Data listing Block Start

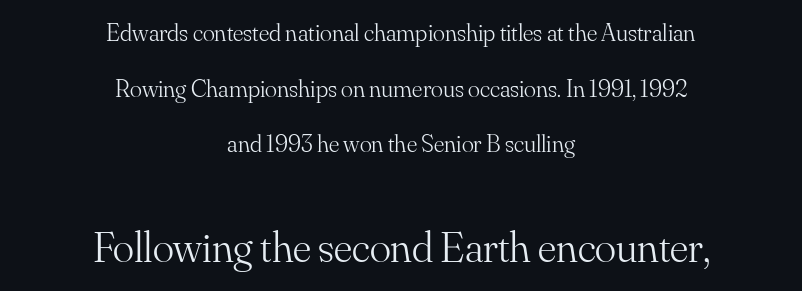
Q: Is the text bold? A: No.
Q: Is the text italic (slanted)? A: No, it is upright.
Q: Is the typeface a serif or a sans-serif typeface? A: Serif.
Q: Is the text underlined? A: No.
Q: How is the paragraph aligned? A: Centered.
Q: Is the spacing between letters normal or unusually wide? A: Normal.
Q: Is the spacing between lines tight, normal or loose? A: Loose.
Q: Which block of text is set in a larger size, the first (top) or the second (bottom)? A: The second (bottom) one.
Q: Width (condensed, normal, or wide)? A: Normal.
Q: Stroke contrast? A: Medium.
Q: x-height? A: Small.
Q: Monospaced? A: No.
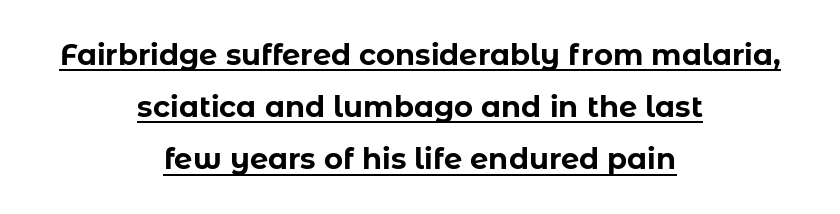
Designer's note — italics off, roman on. The passage shown is typed in a proportional face where columns would drift. These lines carry a lot of weight — the face is fully bold. Beneath each row of characters lies a ruled line. Observe the absence of serifs on each vertical stroke in this sample. Students, note that the glyphs here touch the page at normal intervals.
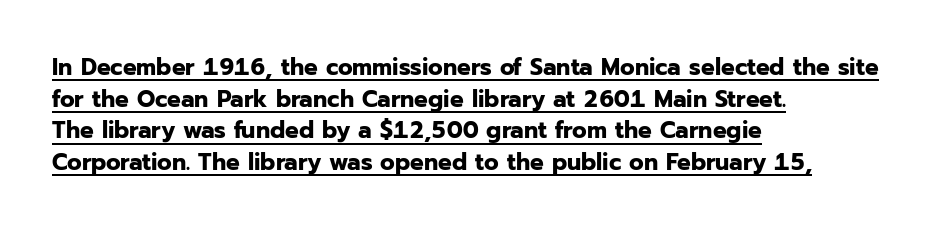
The image shows 24 px bold type, upright; set left-aligned, normal line spacing (1.32x), normal letter spacing, underlined.
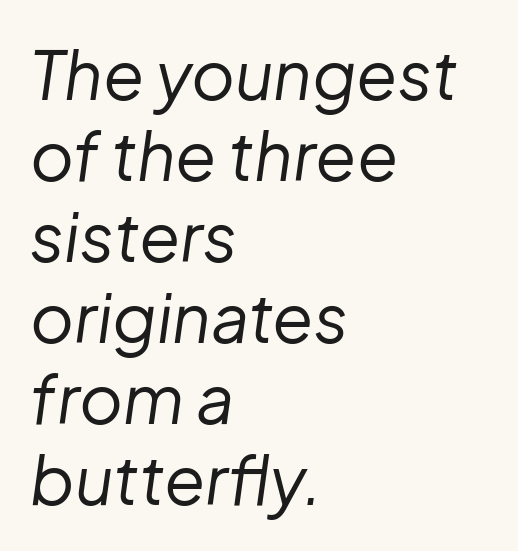
Q: Is the text bold? A: No.
Q: Is the text italic (slanted)? A: Yes, it leans right by about 8 degrees.
Q: Is the text underlined? A: No.
Q: How is the paragraph aligned? A: Left-aligned.
Q: Is the spacing between letters normal or unusually wide? A: Normal.
Q: Width (condensed, normal, or wide)? A: Normal.
Q: Stroke contrast? A: Low.
Q: x-height? A: Medium.
Q: Monospaced? A: No.
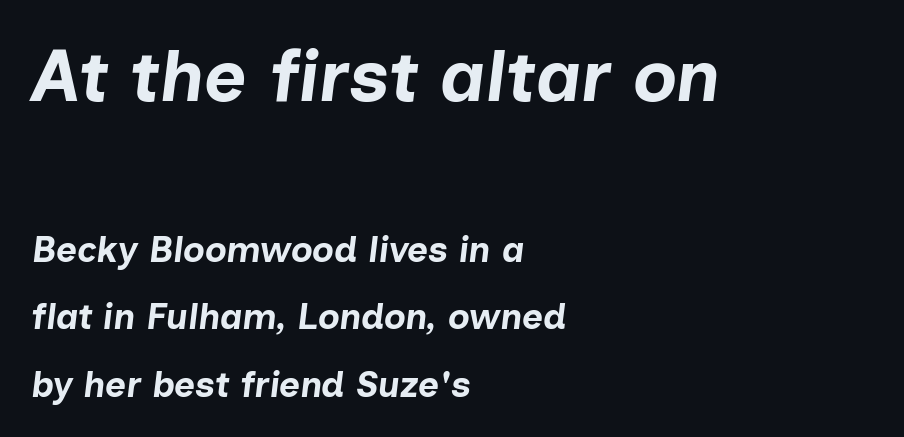
Q: Is the text bold? A: Yes.
Q: Is the text italic (slanted)? A: Yes, it leans right by about 7 degrees.
Q: Is the text underlined? A: No.
Q: How is the paragraph aligned? A: Left-aligned.
Q: Is the spacing between letters normal or unusually wide? A: Normal.
Q: Which block of text is set in a larger size, the first (top) or the second (bottom)? A: The first (top) one.
Q: Width (condensed, normal, or wide)? A: Normal.
Q: Stroke contrast? A: Low.
Q: x-height? A: Medium.
Q: Monospaced? A: No.
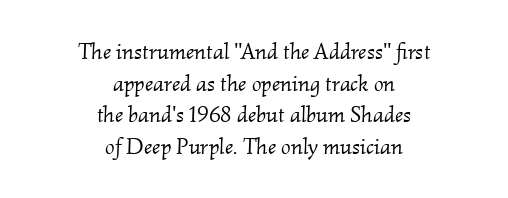
Clear beneath every line of the passage. The glyphs look as if they've been sheared to an angle. Each line is balanced around a shared central axis. The letters sit at their default tracking, neither squeezed nor spread. A light-to-regular cut is what we see here.
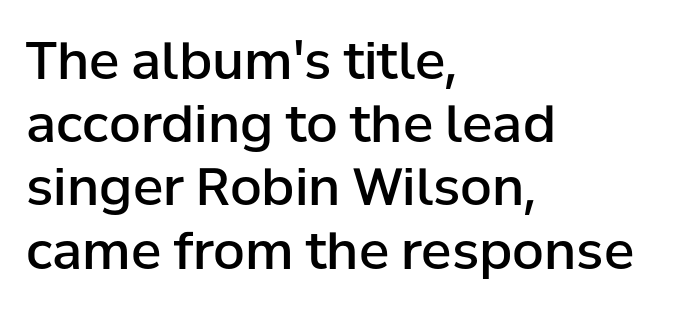
Students, this is semibold: more ink than regular, less than bold. Where is the straight margin? On the left. You could not count columns in this text — the font is proportionally spaced. Stroke terminals: plain, sans-serif. You can tell it's not italic because the verticals are truly vertical. Compared with typical body copy, the letter spacing here is the same.
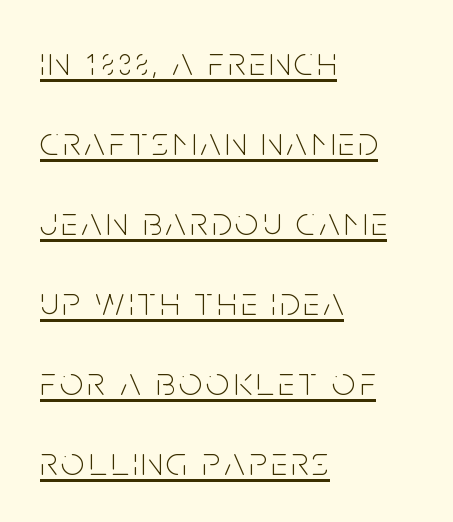
You can tell from the bare stems that sans-serif type was used. If you drew a line through each stem, it would be perfectly vertical. Does the copy run flush right? No — it runs flush left. The specimen includes a rule beneath the text block's lines.
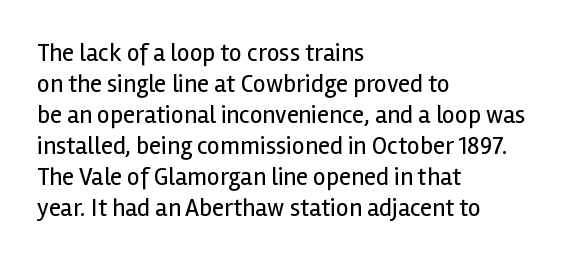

Data listing Block End

> [Your task] Every line above should be printed again word for word, without its pictures.

> [Answer to the problem]
Q: Is the text bold? A: No.
Q: Is the text italic (slanted)? A: No, it is upright.
Q: Is the typeface a serif or a sans-serif typeface? A: Serif.
Q: Is the text underlined? A: No.
Q: How is the paragraph aligned? A: Centered.
Q: Is the spacing between letters normal or unusually wide? A: Normal.
Q: Is the spacing between lines tight, normal or loose? A: Loose.
Q: Which block of text is set in a larger size, the first (top) or the second (bottom)? A: The second (bottom) one.
Q: Width (condensed, normal, or wide)? A: Normal.
Q: Stroke contrast? A: Medium.
Q: x-height? A: Small.
Q: Monospaced? A: No.
Designer's note — italics off, roman on. The passage shown is typed in a proportional face where columns would drift. These lines carry a lot of weight — the face is fully bold. Beneath each row of characters lies a ruled line. Observe the absence of serifs on each vertical stroke in this sample. Students, note that the glyphs here touch the page at normal intervals.
The image shows 24 px bold type, upright; set left-aligned, normal line spacing (1.32x), normal letter spacing, underlined.
Q: Is the text bold? A: No.
Q: Is the text italic (slanted)? A: Yes, it leans right by about 8 degrees.
Q: Is the text underlined? A: No.
Q: How is the paragraph aligned? A: Left-aligned.
Q: Is the spacing between letters normal or unusually wide? A: Normal.
Q: Width (condensed, normal, or wide)? A: Normal.
Q: Stroke contrast? A: Low.
Q: x-height? A: Medium.
Q: Monospaced? A: No.
Q: Is the text bold? A: Yes.
Q: Is the text italic (slanted)? A: Yes, it leans right by about 7 degrees.
Q: Is the text underlined? A: No.
Q: How is the paragraph aligned? A: Left-aligned.
Q: Is the spacing between letters normal or unusually wide? A: Normal.
Q: Which block of text is set in a larger size, the first (top) or the second (bottom)? A: The first (top) one.
Q: Width (condensed, normal, or wide)? A: Normal.
Q: Stroke contrast? A: Low.
Q: x-height? A: Medium.
Q: Monospaced? A: No.
Clear beneath every line of the passage. The glyphs look as if they've been sheared to an angle. Each line is balanced around a shared central axis. The letters sit at their default tracking, neither squeezed nor spread. A light-to-regular cut is what we see here.
Students, this is semibold: more ink than regular, less than bold. Where is the straight margin? On the left. You could not count columns in this text — the font is proportionally spaced. Stroke terminals: plain, sans-serif. You can tell it's not italic because the verticals are truly vertical. Compared with typical body copy, the letter spacing here is the same.
You can tell from the bare stems that sans-serif type was used. If you drew a line through each stem, it would be perfectly vertical. Does the copy run flush right? No — it runs flush left. The specimen includes a rule beneath the text block's lines.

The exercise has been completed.